Abbiamo intervistato Oliva alla vigilia del suo debutto calabrese.
Caprò è ispirata a una tragedia del mare, emigranti italiani che affondano davanti al porto di Gibilterra. Una storia che affronta un tema diventato di stretta e triste attualità, a causa delle tante tragedie che avvengono nel Mediterraneo. La politica italiana ed europea sembra irrimediabilmente impotente, perché secondo lei?
Il fenomeno dell’emigrazione nel continente europeo in questi ultimi anni ha raggiunto proporzioni bibliche di non facile controllo, e gli ultimi attentati terroristici di certo non favoriscono le soluzioni. Il fenomeno è davvero complesso.Non va dimenticato che all’origine ci sono guerre in cui l’Occidente ha la sua bella parte di responsabilità, così come non si può escludere una parte di responsabilità degli stessi paesi di origine degli emigranti. Ma il fatto è che, al di là degli accordi e della normativa di facciata, l’Europa non ha una condotta univoca nella gestione del problema. Va rivisto e ripensato il futuro demografico e culturale del nostro continente in cui la cifra sarà inevitabilmente quella del multiculturalismo e, fermo restando gli opportuni e necessari controlli, alzare muri e steccati non arginerà un fenomeno naturale ed epocale.
Associato al tema dei migranti c’è quello dell’integrazione. Tra gli italiani fa sempre più largo la paura del diverso. Dal suo punto di vista l’Italia è un paese irrimediabilmente razzista?

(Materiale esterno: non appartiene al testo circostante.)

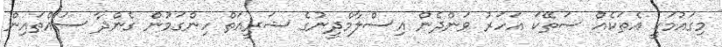
މިގައުމަކީ އެތަކެއް ސަތޭކަ އަހަރު ވަންދެން އިސްލާމްދީނުގެ ޝަރީއަތް ހިންގަމުން ގެންދާ ސައްތައިން
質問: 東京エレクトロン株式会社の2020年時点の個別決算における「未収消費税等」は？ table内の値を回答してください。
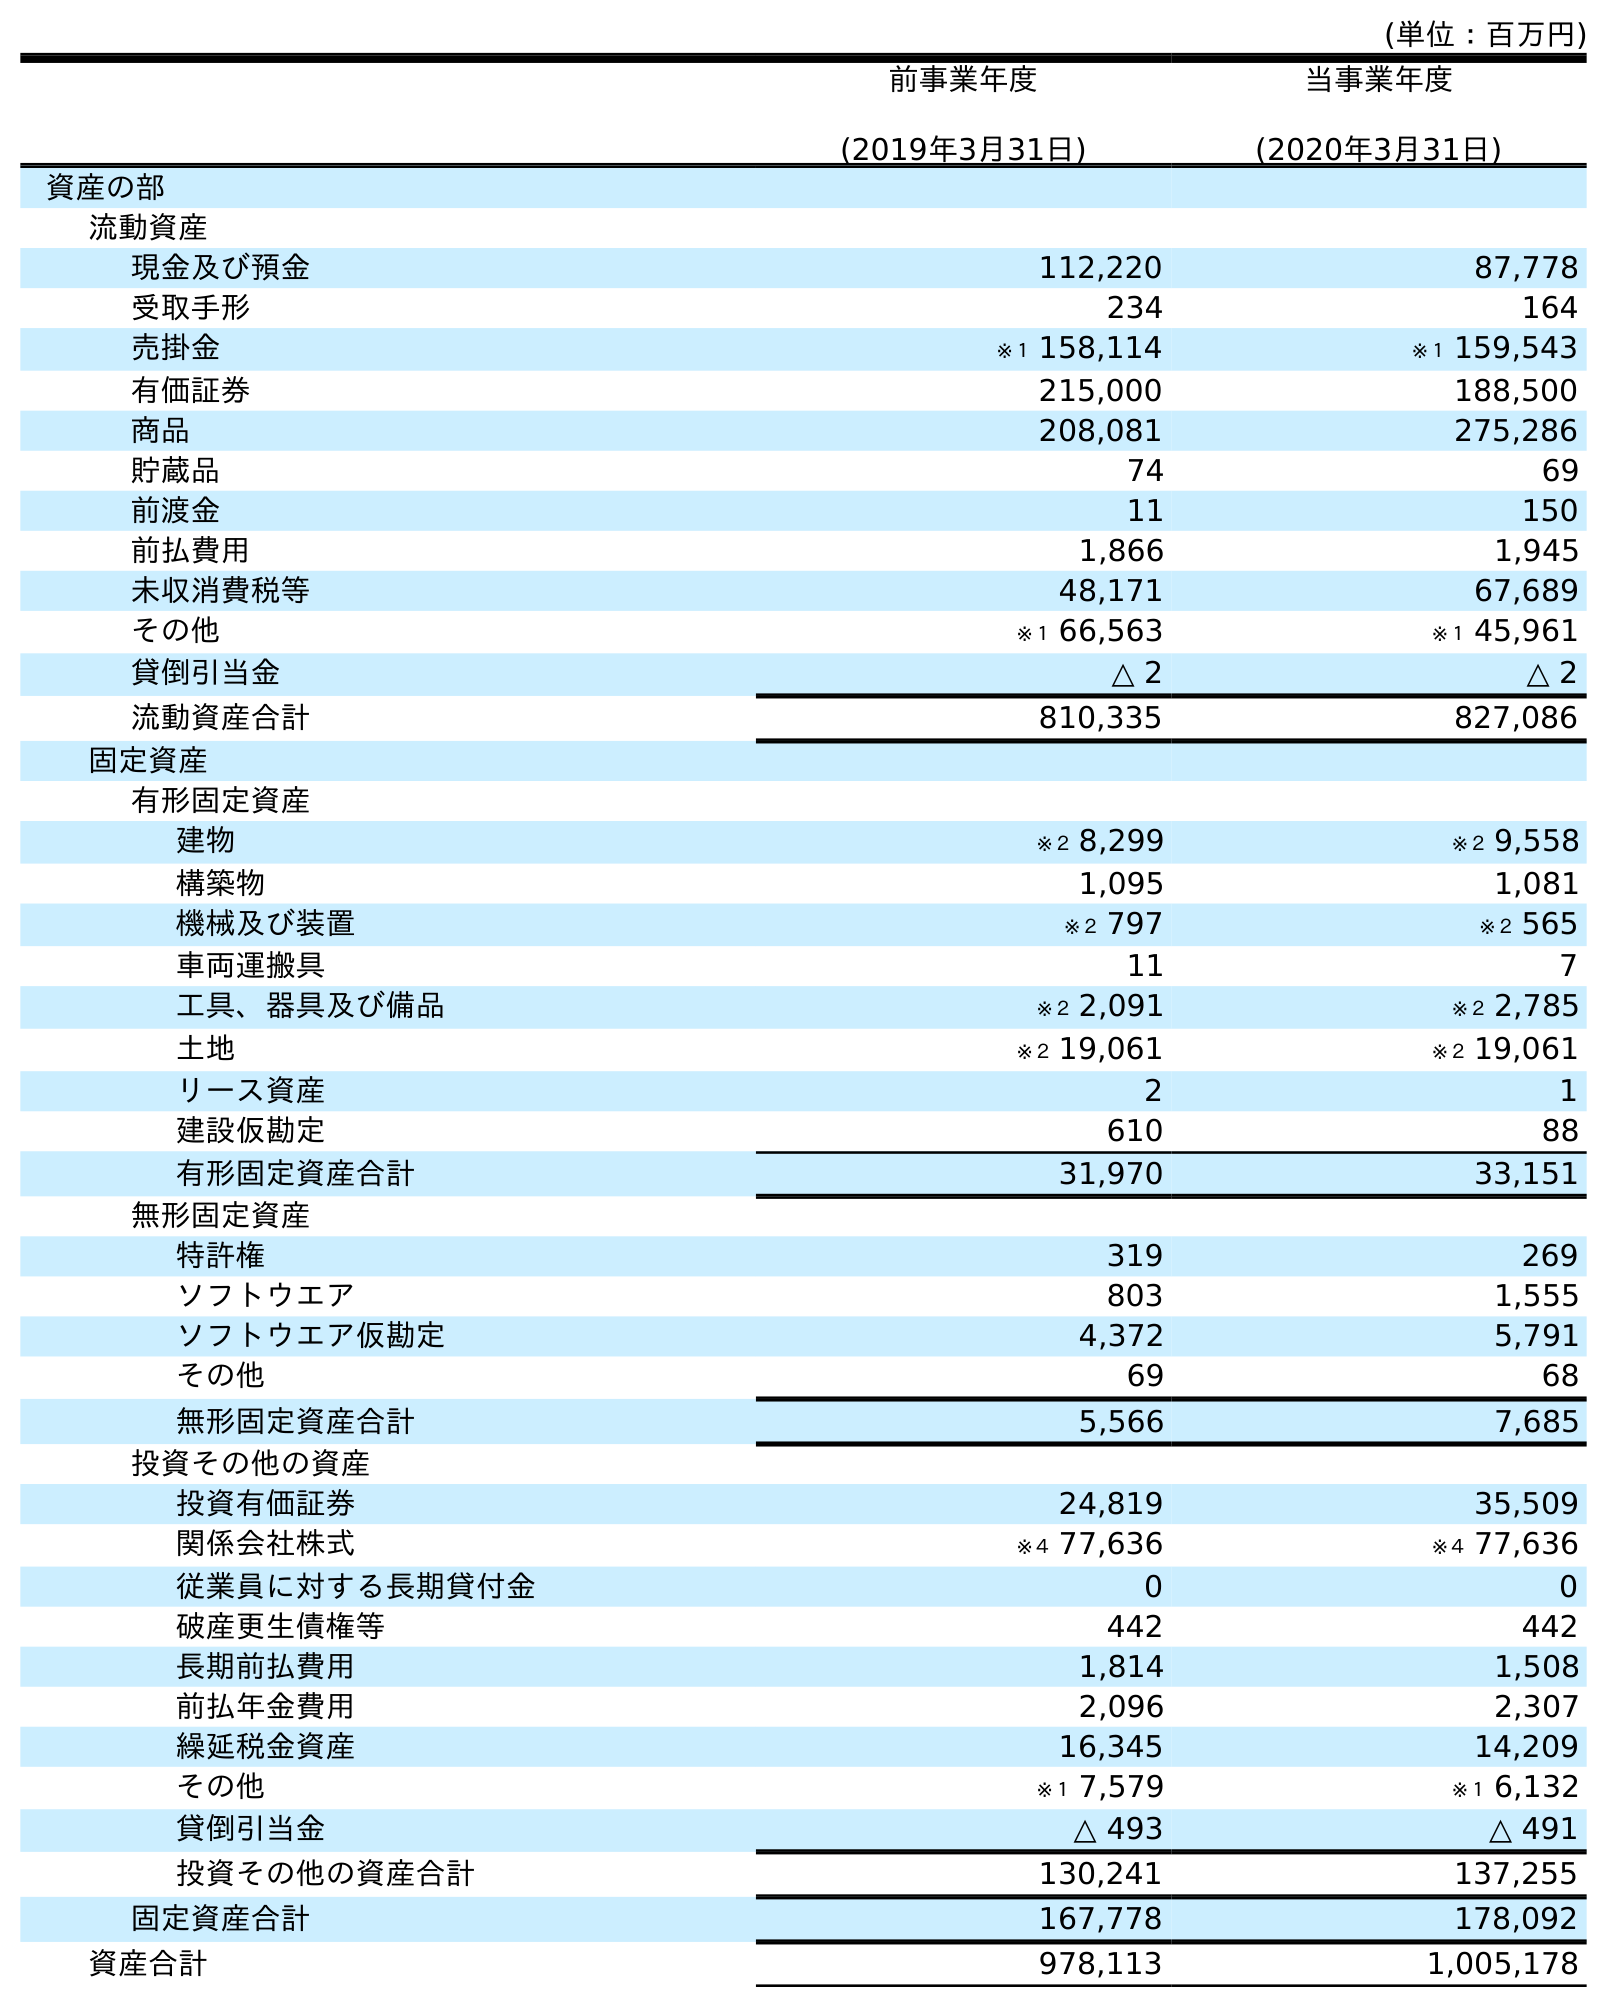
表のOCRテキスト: (単位：百万円) 前事業年度 (2019年3月31日) 当事業年度 (2020年3月31日) 資産の部 流動資産 現金及び預金 112,220 87,778 受取手形 234 164 売掛金 ※１ 158,114 ※１ 159,543 有価証券 215,000 188,500 商品 208,081 275,286 貯蔵品 74 69 前渡金 11 150 前払費用 1,866 1,945 未収消費税等 48,171 67,689 その他 ※１ 66,563 ※１ 45,961 貸倒引当金 △ 2 △ 2 流動資産合計 810,335 827,086 固定資産 有形固定資産 建物 ※２ 8,299 ※２ 9,558 構築物 1,095 1,081 機械及び装置 ※２ 797 ※２ 565 車両運搬具 11 7 工具、器具及び備品 ※２ 2,091 ※２ 2,785 土地 ※２ 19,061 ※２ 19,061 リース資産 2 1 建設仮勘定 610 88 有形固定資産合計 31,970 33,151 無形固定資産 特許権 319 269 ソフトウエア 803 1,555 ソフトウエア仮勘定 4,372 5,791 その他 69 68 無形固定資産合計 5,566 7,685 投資その他の資産 投資有価証券 24,819 35,509 関係会社株式 ※４ 77,636 ※４ 77,636 従業員に対する長期貸付金 0 0 破産更生債権等 442 442 長期前払費用 1,814 1,508 前払年金費用 2,096 2,307 繰延税金資産 16,345 14,209 その他 ※１ 7,579 ※１ 6,132 貸倒引当金 △ 493 △ 491 投資その他の資産合計 130,241 137,255 固定資産合計 167,778 178,092 資産合計 978,113 1,005,178
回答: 67,689

Il vero tema infatti è proprio quello dell’integrazione. L’accoglienza è solo un primo passo di civiltà. Tranne che in Germania, in tutti gli altri attentati i responsabili erano cittadini europei. Non so se l’Italia sia un paese “irrimediabilmente razzista”. Certo è che L’Italia a differenza della Germania non ha mai fatto fino in fondo i conti con la parte più oscura del suo passato. La Germania da decenni accoglie ed integra il numero più alto di emigranti provenienti non solo dell’Europa (tanti italiani) ma anche dal Medio Oriente (ci sono più di 3 milioni di turchi). Dalla metà dell’Ottocento ad oggi gli italiani emigrati nel mondo sono stati circa 30 milioni (tra questi anche alcuni fenomeni non proprio edificanti come la mafia) che si stima abbiamo generato una popolazione italiana di circa 80 milioni di persone. C’è un’altra nazione italiana nel mondo, eppure vediamo nello straniero spesso un nemico e non una risorsa. La memoria corta, ahimé, è un’altra caratteristica atavica del nostro paese.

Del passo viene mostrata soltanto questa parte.